Records from a data source:

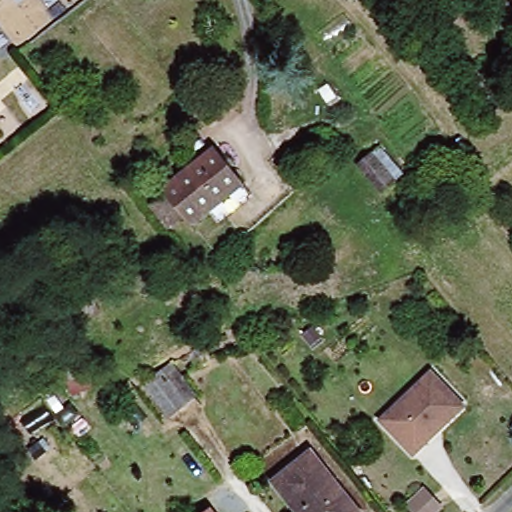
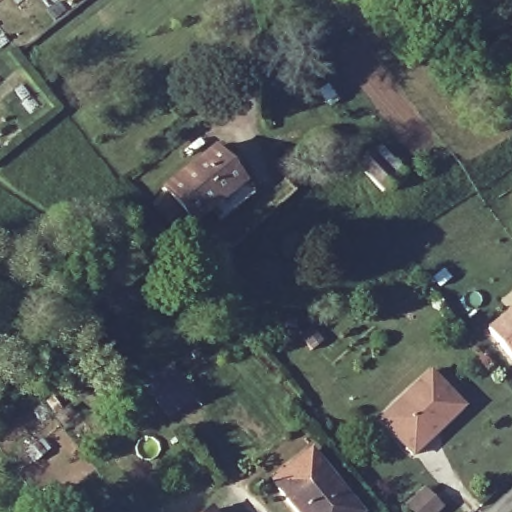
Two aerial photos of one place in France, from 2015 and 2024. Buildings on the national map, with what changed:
unchanged [(245,188),(197,229),(186,217),(176,227),(160,209),(172,196),(170,193),(214,154),(245,188)]
new [(512,309),(512,357),(489,327),(512,309)]
unchanged [(171,365),(194,392),(181,403),(169,412),(146,383),(157,374),(171,365)]
unchanged [(413,451),(386,418),(434,379),(457,407),(420,437),(425,442),(413,451)]
unchanged [(353,512),(299,512),(273,482),(310,452),(357,509),(353,512)]

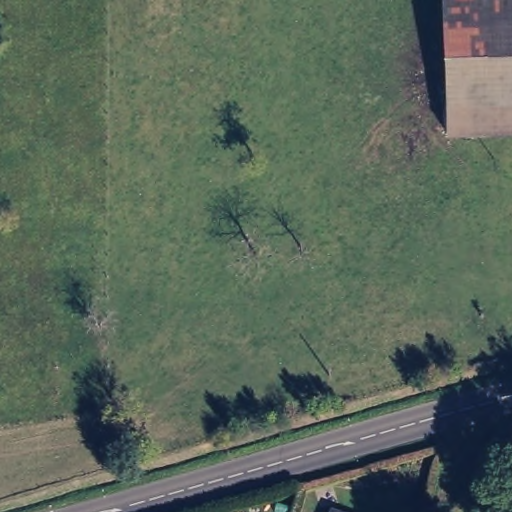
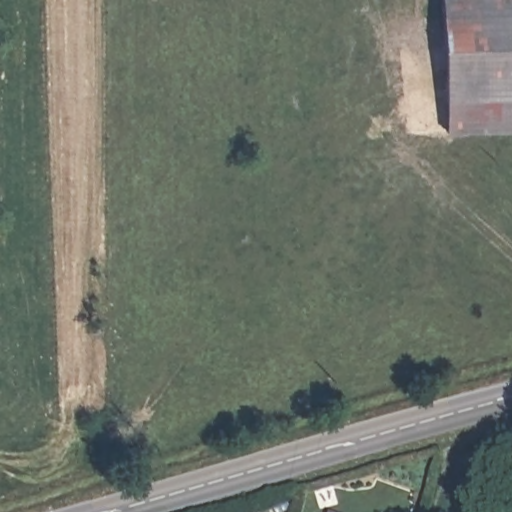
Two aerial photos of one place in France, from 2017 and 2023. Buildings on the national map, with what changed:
unchanged [(442,134),(440,0),(512,0),(512,131),(442,134)]

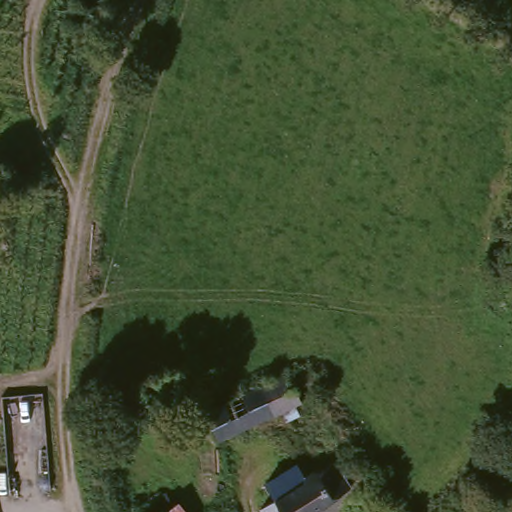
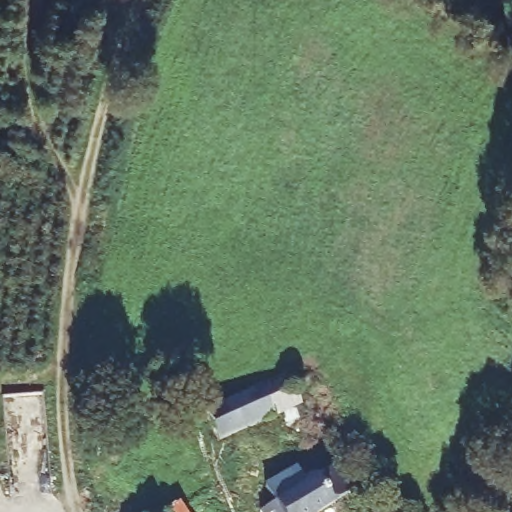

## EXERCISE DESCRIPTION
Nothing but the records, copied exactly and stripped of pictures, should be returned.

## EXERCISE SOLUTION
Two aerial photos of one place in France, from 2015 and 2024. Buildings on the national map, with what changed:
unchanged [(245,188),(197,229),(186,217),(176,227),(160,209),(172,196),(170,193),(214,154),(245,188)]
new [(512,309),(512,357),(489,327),(512,309)]
unchanged [(171,365),(194,392),(181,403),(169,412),(146,383),(157,374),(171,365)]
unchanged [(413,451),(386,418),(434,379),(457,407),(420,437),(425,442),(413,451)]
unchanged [(353,512),(299,512),(273,482),(310,452),(357,509),(353,512)]

Two aerial photos of one place in France, from 2017 and 2023. Buildings on the national map, with what changed:
unchanged [(442,134),(440,0),(512,0),(512,131),(442,134)]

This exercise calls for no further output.